Projetos que implicam em gastos ou perda de arrecadação devem conter um estudo de impacto financeiro e deixar claras as medidas para reduzir os impactos, mas o texto enviado pelo governo diz apenas que a mudança "proporcionará alívio financeiro às famílias paranaenses, gerando benefícios diretamente ao cidadão, como a ampliação de sua capacidade de consumo e o incentivo à regularização de impostos, e, consequentemente, estimulará a atividade econômica em diversos setores comerciais e indústrias do Estado".
O projeto seria enviado na semana passada e o presidente da Comissão de Constituição e Justiça (CCJ) da Alep, Ademar Traiano (PSD), chegou a convocar uma reunião extraordinária para o dia 25, mas a reação negativa de prefeitos teria adiado o processo. Prefeita de Ponta Grossa, Elizabeth Schmidt (União Brasil) chegou a cobrar de Ratinho Júnior que o governo mantivesse o repasse de 3,5% do IPVA aos municípios.
Na mensagem enviada à Alep, Ratinho Júnior destaca que a medida só terá efeito a partir de 2026 – quando ele deverá estar licenciado do cargo de governador para tentar viabilizar sua candidatura à Presidência da República.

"Cumpre ressaltar que, conforme declaração de adequação de renúncia de receita emitida pela Receita Estadual, as alterações propostas, todas de regramento de caráter geral, não gerarão impacto na arrecadação deste ano, mas apenas em 2026, quando serão devidamente contempladas na estimativa de receita e na fixação das metas de resultados fiscais das leis orçamentárias do referido exercício, de acordo com o determinado na Lei Complementar Federal nº 101, de 4 de maio de 2000", diz o projeto do governo.
Além de reduzir a alíquota do IPVA de 3,5% para 1,9%, o texto aumenta de 10% para 20% a multa para inadimplentes. Outra aposta do governo é manter a arrecadação com a "repatriação" de placas – como o IPVA cobrado pelo Paraná era mais alto do que estados vizinhos, estima-se que muitos proprietários optaram por emplacar seus veículos em outras unidades da Federação.

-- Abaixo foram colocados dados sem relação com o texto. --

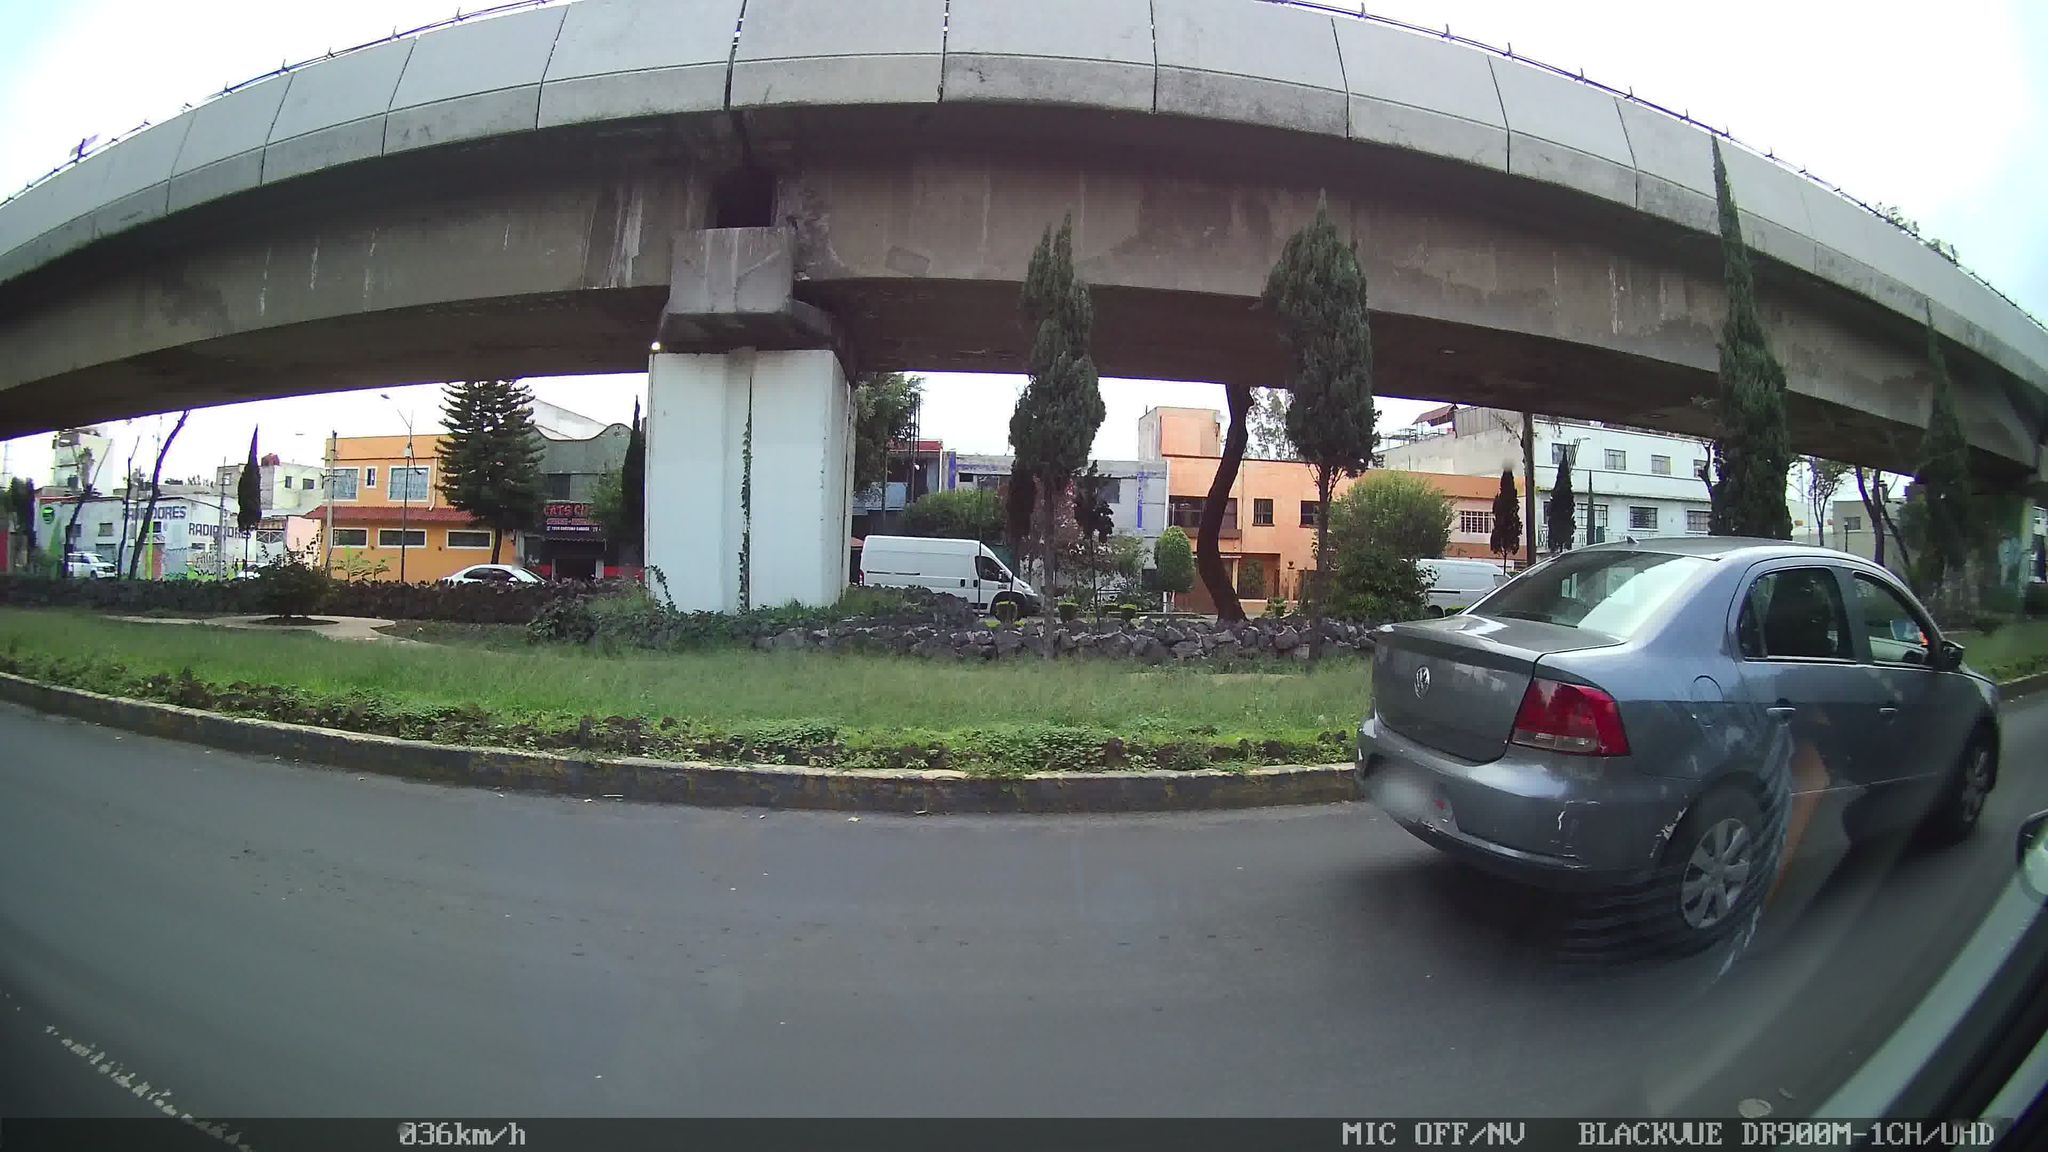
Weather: clear
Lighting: day
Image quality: good
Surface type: driving surface
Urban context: urban centre
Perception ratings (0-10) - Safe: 0.78, Lively: 4.91, Beautiful: 1.84, Boring: 4.67, Depressing: 5.4, Wealthy: 5.39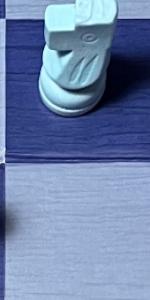
Label: Empty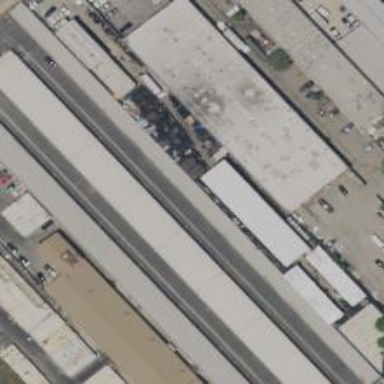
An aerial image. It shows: Warehouse building.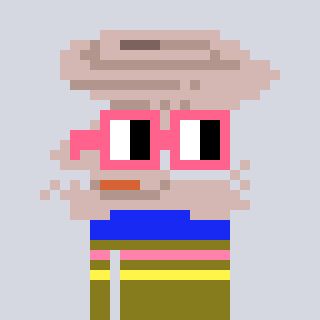
a pixel art character with square pink glasses, a tornado-shaped head and a gunk-colored body on a cool background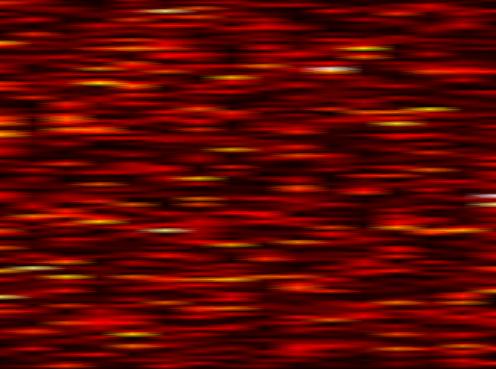
Label: OFDM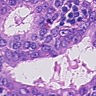
Metastatic tissue present: yes
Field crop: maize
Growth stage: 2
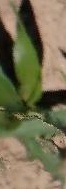
Species: maize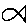
Label: fish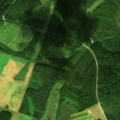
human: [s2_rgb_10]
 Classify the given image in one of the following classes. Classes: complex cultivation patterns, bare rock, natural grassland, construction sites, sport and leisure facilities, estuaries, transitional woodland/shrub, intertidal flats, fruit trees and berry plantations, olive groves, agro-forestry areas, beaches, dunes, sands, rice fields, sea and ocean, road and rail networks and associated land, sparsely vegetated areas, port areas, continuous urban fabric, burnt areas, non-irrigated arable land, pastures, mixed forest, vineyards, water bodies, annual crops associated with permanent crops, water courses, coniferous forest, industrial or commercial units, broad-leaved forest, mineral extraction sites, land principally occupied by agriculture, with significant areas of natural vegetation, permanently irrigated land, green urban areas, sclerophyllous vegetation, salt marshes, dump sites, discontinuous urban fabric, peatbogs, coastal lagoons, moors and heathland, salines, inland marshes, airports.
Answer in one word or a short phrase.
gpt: non-irrigated arable land, mixed forest, transitional woodland/shrub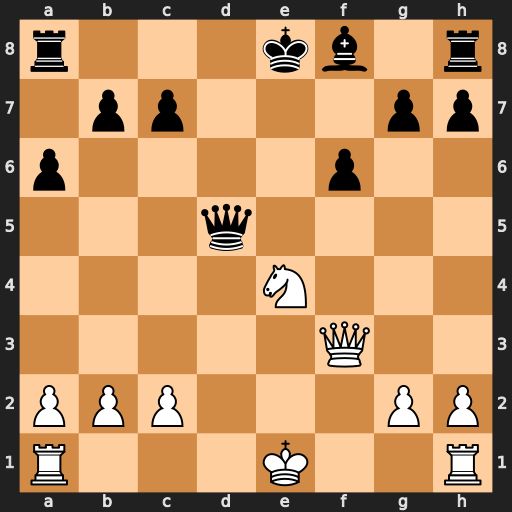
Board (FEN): r3kb1r/1pp3pp/p4p2/3q4/4N3/5Q2/PPP3PP/R3K2R
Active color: w
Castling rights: KQkq
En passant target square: -
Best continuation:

No ano passado, as 399 prefeituras do Paraná arrecadaram cerca de R$ 3,2 bilhões com o pagamento do IPVA – os recursos podem ser utilizados em áreas como saúde, educação e segurança pública. Com a redução do IPVA, os municípios poderão deixar de receber até R$ 1,5 bilhão em 2026. Além dos municípios, serão prejudicados o Fundeb (Fundo de Manutenção e Desenvolvimento da Educação Básica), que recebe 20% do total arrecadado com o imposto, e o próprio governo do Paraná, que fica com 40%.
Na sessão da tarde desta segunda, deputados da base de apoio voltaram a elogiar Ratinho Júnior pela medida, argumentando que haverá "repatriação" de veículos – eles só não explicaram por que, se a iniciativa é tão positiva, não foi adotada antes pelo governo do Paraná, que nos sete últimos anos não teve nenhuma ação para evitar a "fuga" de emplacamentos para outros estados. Após a sessão, em reunião da CCJ, a deputado Ana Júlia Ribeiro (PT) pediu vista do projeto, que deverá voltar à pauta da comissão nesta terça (2).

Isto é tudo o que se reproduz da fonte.